# Import Libraries

In [None]:
import matplotlib.pyplot as plt
import numpy as np
import random
import ray
import tensorflow as tf
from gym import spaces
from ray.rllib.algorithms.ppo import PPO
from ray.rllib.models import ModelCatalog
from ray.rllib.policy.rnn_sequencing import add_time_dimension
from ray.rllib.models.tf.tf_modelv2 import TFModelV2
from environments.cartpole import MaskedCartPoleEnv

# Custom LSTM Model

In [None]:
class LSTMPPOModel(TFModelV2):
    def __init__(self, obs_space, action_space, num_outputs, model_config, name):
        super().__init__(
            obs_space=obs_space,
            action_space=action_space,
            num_outputs=num_outputs,
            model_config=model_config,
            name=name
        )

        orig_space = getattr(obs_space, "original_space", obs_space)

        assert (
                isinstance(orig_space, spaces.Dict)
                and "action_mask" in orig_space.spaces
                and "observations" in orig_space.spaces
        )

        self._cell_size = 64
        self.num_outputs = 2

        inputs = tf.keras.layers.Input(shape=orig_space['observations']['cartpole_obs'].shape, name='cartpole_obs')
        x = tf.keras.layers.Dense(units=256, activation='tanh', name='hidden_1')(inputs)
        flat_output = tf.keras.layers.Dense(units=256, activation='tanh', name='hidden_2')(x)
        self.base_model = tf.keras.Model(inputs=inputs, outputs=flat_output, name='base_model')

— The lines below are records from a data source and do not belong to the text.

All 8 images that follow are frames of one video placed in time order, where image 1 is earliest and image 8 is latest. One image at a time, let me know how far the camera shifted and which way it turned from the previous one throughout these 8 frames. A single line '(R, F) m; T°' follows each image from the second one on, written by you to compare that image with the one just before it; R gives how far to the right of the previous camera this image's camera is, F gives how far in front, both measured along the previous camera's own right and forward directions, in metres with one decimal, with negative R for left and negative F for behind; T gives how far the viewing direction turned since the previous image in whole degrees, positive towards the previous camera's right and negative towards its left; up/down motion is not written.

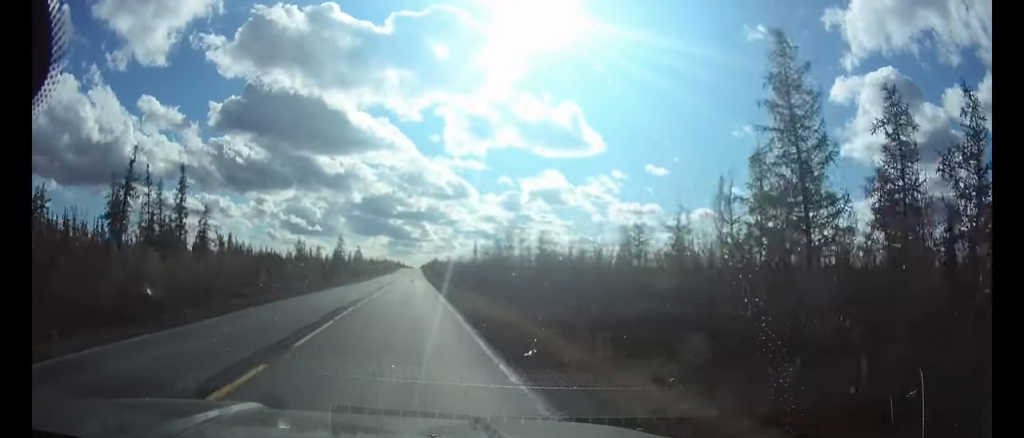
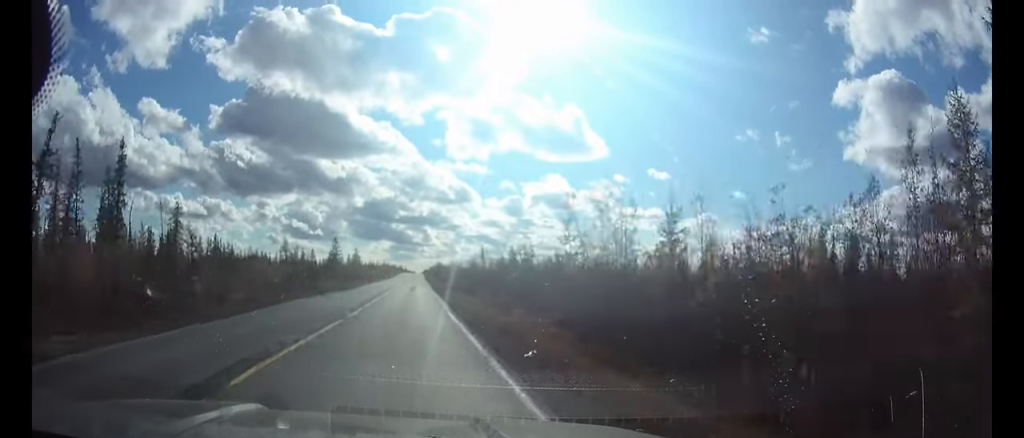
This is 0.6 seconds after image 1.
(0.0, +14.9) m; 0°
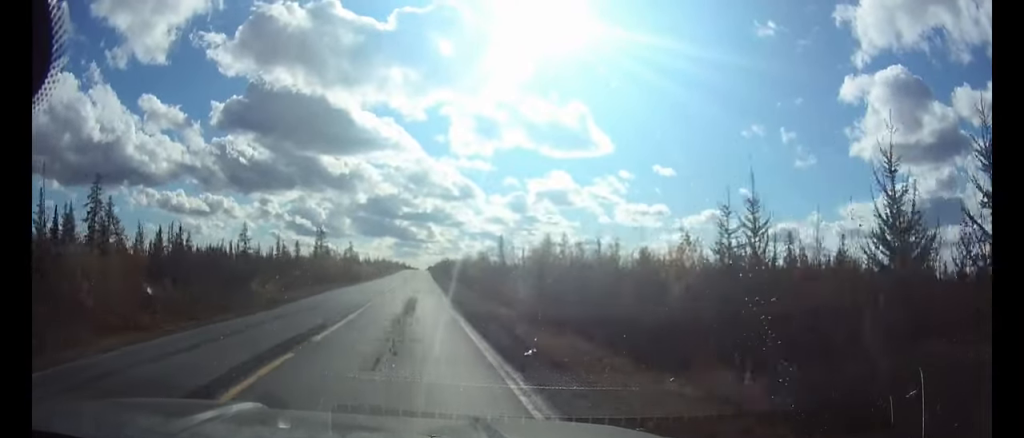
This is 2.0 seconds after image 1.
(-0.1, +29.1) m; 0°
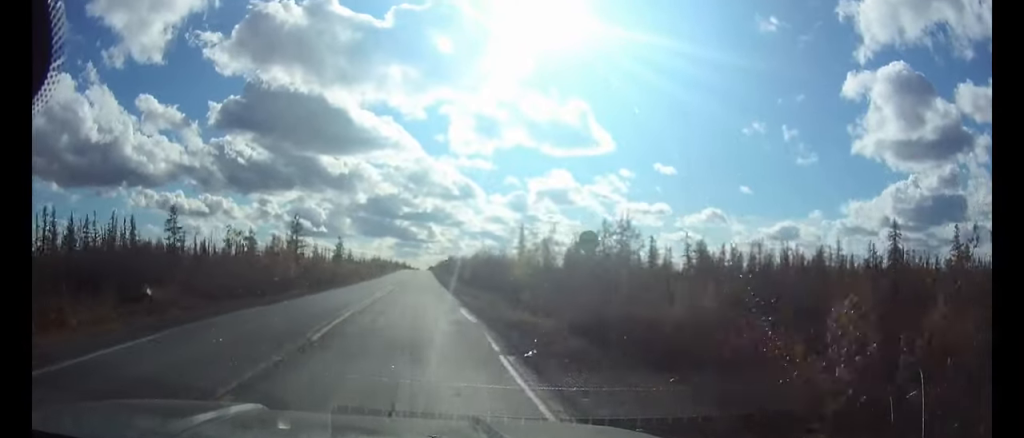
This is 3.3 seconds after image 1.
(+0.1, +26.5) m; 0°
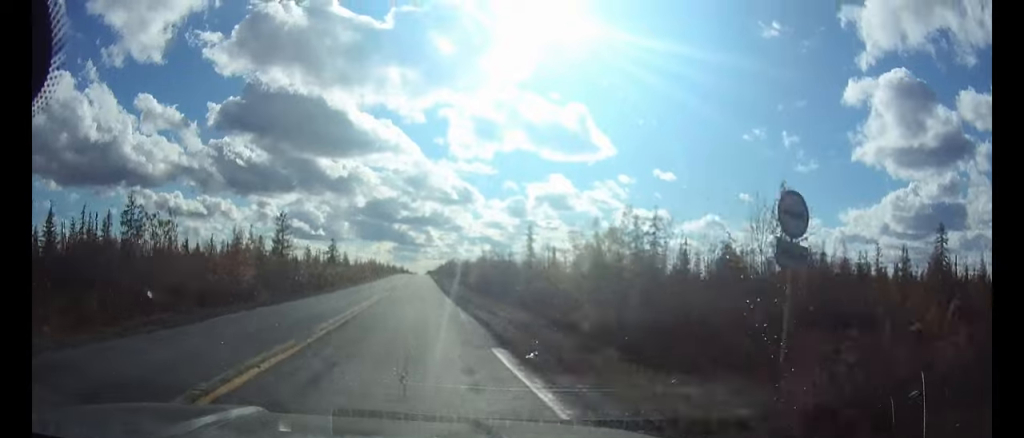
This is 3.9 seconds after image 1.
(0.0, +9.8) m; 0°
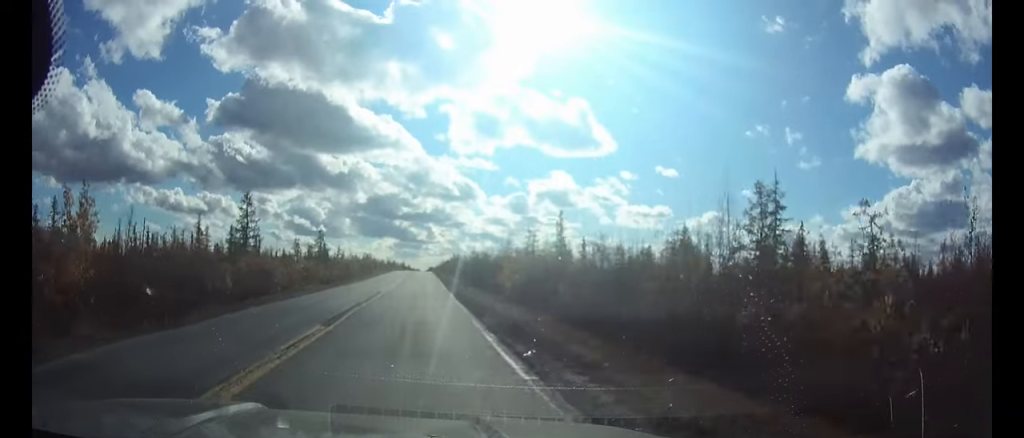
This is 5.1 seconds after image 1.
(0.0, +21.6) m; 0°
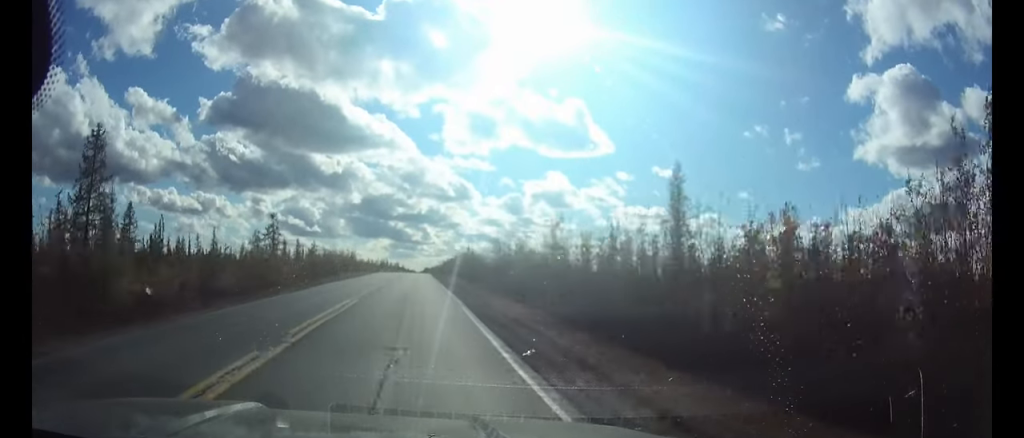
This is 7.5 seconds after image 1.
(-0.1, +41.7) m; 0°
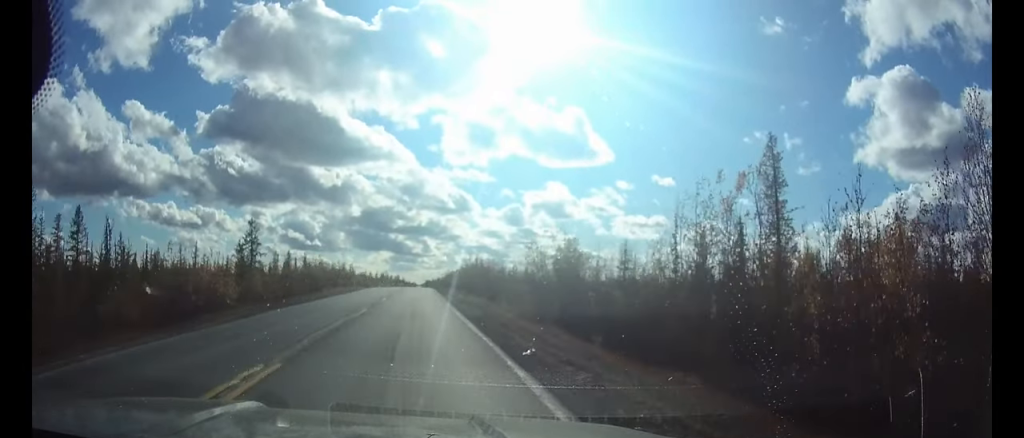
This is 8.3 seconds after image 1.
(0.0, +13.0) m; 0°

        lstm_input = tf.keras.layers.Input(shape=(None, 256), name='inputs')
        state_in_h = tf.keras.layers.Input(shape=(self._cell_size,), name='h')
        state_in_c = tf.keras.layers.Input(shape=(self._cell_size, ), name='c')
        seq_in = tf.keras.layers.Input(shape=(), name='seq_in', dtype=tf.int32)

        lstm_out, state_h, state_c = tf.keras.layers.LSTM(self._cell_size, return_sequences=True, return_state=True, name="lstm")(
            inputs=lstm_input,
            mask=tf.sequence_mask(seq_in),
            initial_state=[state_in_h, state_in_c]
        )
        policy_out = tf.keras.layers.Dense(units=self.num_outputs, activation=None, name='policy_out')(lstm_out)
        value_out = tf.keras.layers.Dense(units=1, activation=None, name='value_out')(lstm_out)
        self.rnn_model = tf.keras.Model(
            inputs=[lstm_input, seq_in, state_in_h, state_in_c],
            outputs=[policy_out, value_out, state_h, state_c],
            name='lstm_model'
        )

    def forward(self, input_dict, state, seq_lens):
        model_out, _ = self.forward_rnn(inputs=input_dict['obs']['observations'], state=state, seq_lens=seq_lens)

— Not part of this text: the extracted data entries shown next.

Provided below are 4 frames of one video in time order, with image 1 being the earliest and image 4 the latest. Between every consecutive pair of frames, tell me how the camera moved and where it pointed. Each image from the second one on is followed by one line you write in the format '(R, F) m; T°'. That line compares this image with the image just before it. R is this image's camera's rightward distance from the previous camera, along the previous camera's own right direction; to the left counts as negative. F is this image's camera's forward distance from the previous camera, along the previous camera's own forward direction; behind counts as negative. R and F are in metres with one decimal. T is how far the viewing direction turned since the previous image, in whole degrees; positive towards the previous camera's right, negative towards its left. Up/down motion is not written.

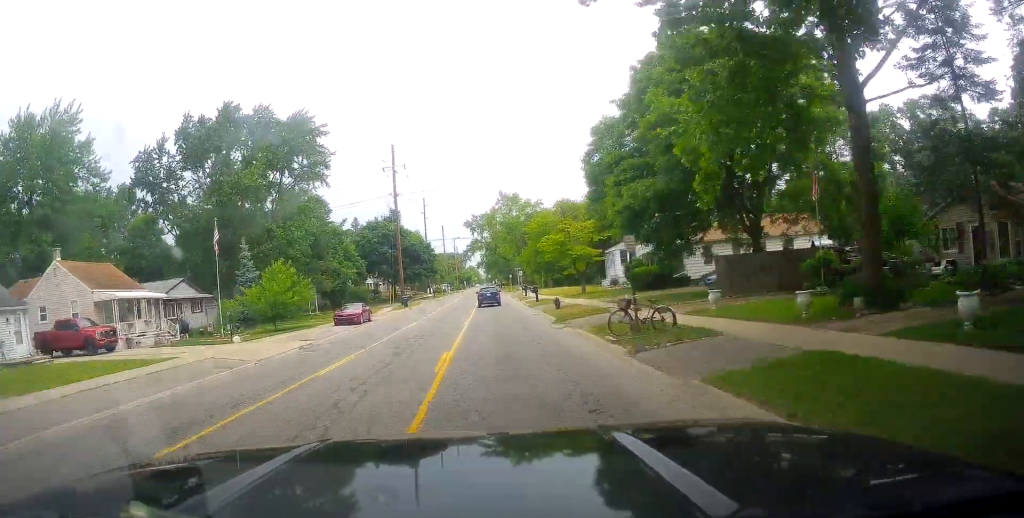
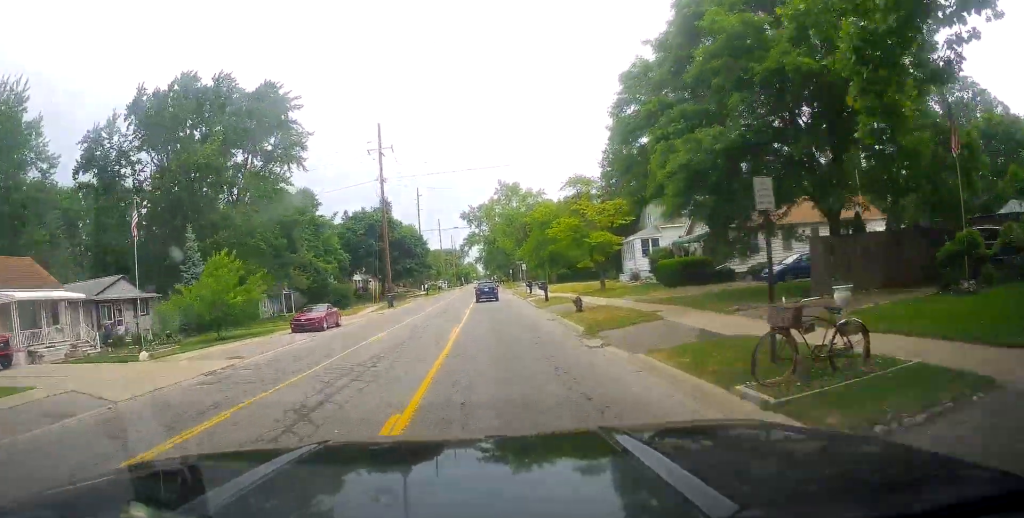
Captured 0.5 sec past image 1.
(0.0, +8.5) m; 0°
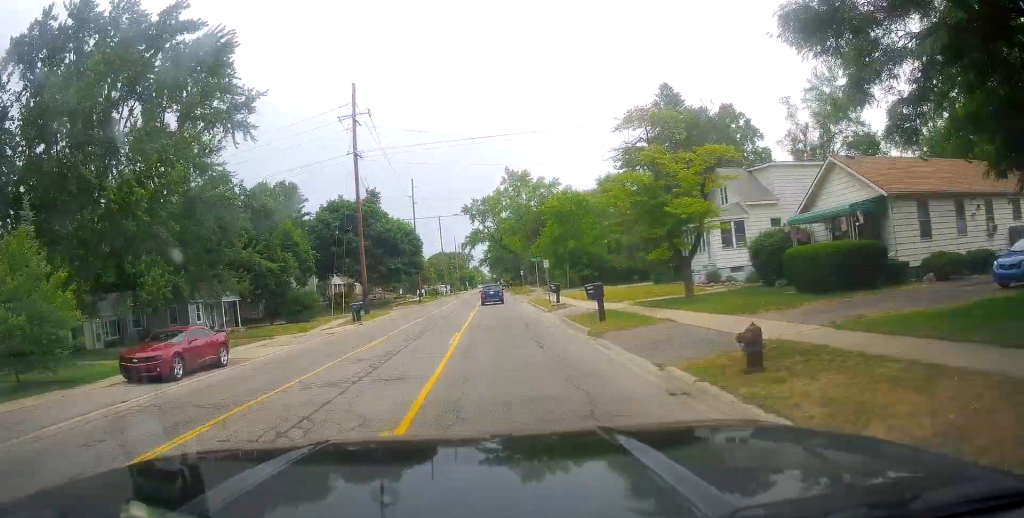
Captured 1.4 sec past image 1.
(+0.1, +15.9) m; -1°
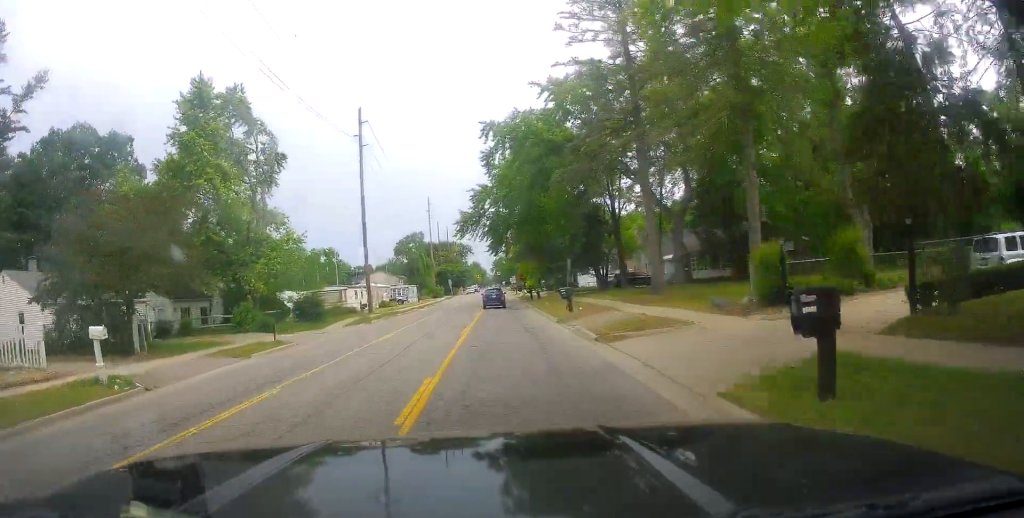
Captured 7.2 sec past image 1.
(+1.1, +97.8) m; 0°

        action_mask = input_dict['obs']['action_mask']
        inf_mask = tf.maximum(tf.math.log(action_mask), tf.float32.min)
        return tf.reshape(model_out, [-1, self.num_outputs]) + inf_mask, state

    def forward_rnn(self, inputs, state, seq_lens):
        x = self.base_model(inputs)
        x = add_time_dimension(padded_inputs=x, seq_lens=seq_lens, framework='tf')

        model_out, self._value_out, h, c = self.rnn_model([x, seq_lens] + state)
        return model_out, [h, c]

    def get_initial_state(self) -> list:
        return [
            np.zeros(self._cell_size, np.float32),
            np.zeros(self._cell_size, np.float32)
        ]

    def value_function(self):
        return tf.reshape(self._value_out, [-1])

# Train LSTM PPO

In [None]:
def evaluate(agent, eval_env, eval_iterations, render):
    total_returns = 0.0

    for _ in range(eval_iterations):
        done = False
        state = eval_env.reset()
        policy_state = agent.get_policy().get_initial_state()

        if render:
            eval_env.render()

        while not done:
            action, policy_state, _ = agent.compute_single_action(observation=state, state=policy_state)
            state, reward, done, _ = eval_env.step(action)

            total_returns += reward

            if render:
                eval_env.render()
    return total_returns / eval_iterations


def train(
        agent,
        eval_env,
        train_iterations=50,
        iterations_per_eval=1,
        eval_iterations=5,
        plot_training=True,
        algo_name='Agent'
):
    average_returns = []

    for i in range(train_iterations):
        agent.train()

        if i % iterations_per_eval == 0:
            average_return = evaluate(agent, eval_env, eval_iterations=eval_iterations, render=False)
            average_returns.append(average_return)

            print(f'Iteration: {i}, Average Returns: {average_return}')

    if plot_training:
        plt.plot(average_returns)
        plt.title(f'{algo_name} Training Progress on CartPole')
        plt.xlabel('Iterations')
        plt.ylabel('Average Return')
        plt.show()
    return average_returns

# Build Agent

In [None]:
ray.shutdown()
ray.init()

tf.random.set_seed(seed=0)
np.random.seed(0)
random.seed(0)

ModelCatalog.register_custom_model('lstm_model', LSTMPPOModel)

ppo_agent = PPO(env=MaskedCartPoleEnv, config={
    'model': {
        'vf_share_layers': True,
        'custom_model': 'ppo_model',
        'custom_model_config': {},
        'max_seq_len': 20
    },
    'render_env': True,
    'num_workers': 1,
    'rollout_fragment_length': 256,
    'num_envs_per_worker': 1,
    'batch_mode': 'complete_episodes',
    'use_critic': True,
    'use_gae': True,
    'lambda': 0.95,
    'clip_param': 0.3,
    'kl_coeff': 0.2,
    'entropy_coeff': 0.01,
    'kl_target': 0.01,
    'vf_loss_coeff': 0.5,
    'shuffle_sequences': True,
    'num_sgd_iter': 40,
    'sgd_minibatch_size': 32,
    'train_batch_size': 512,
    'seed': 0,
    'gamma': 0.99,
    'lr': 0.0005,
    'num_gpus': 1
})

ppo_agent.get_policy().model.base_model.summary(expand_nested=True)
ppo_agent.get_policy().model.rnn_model.summary(expand_nested=True)

# Train

In [None]:
train(agent=ppo_agent, eval_env=MaskedCartPoleEnv(env_config={}))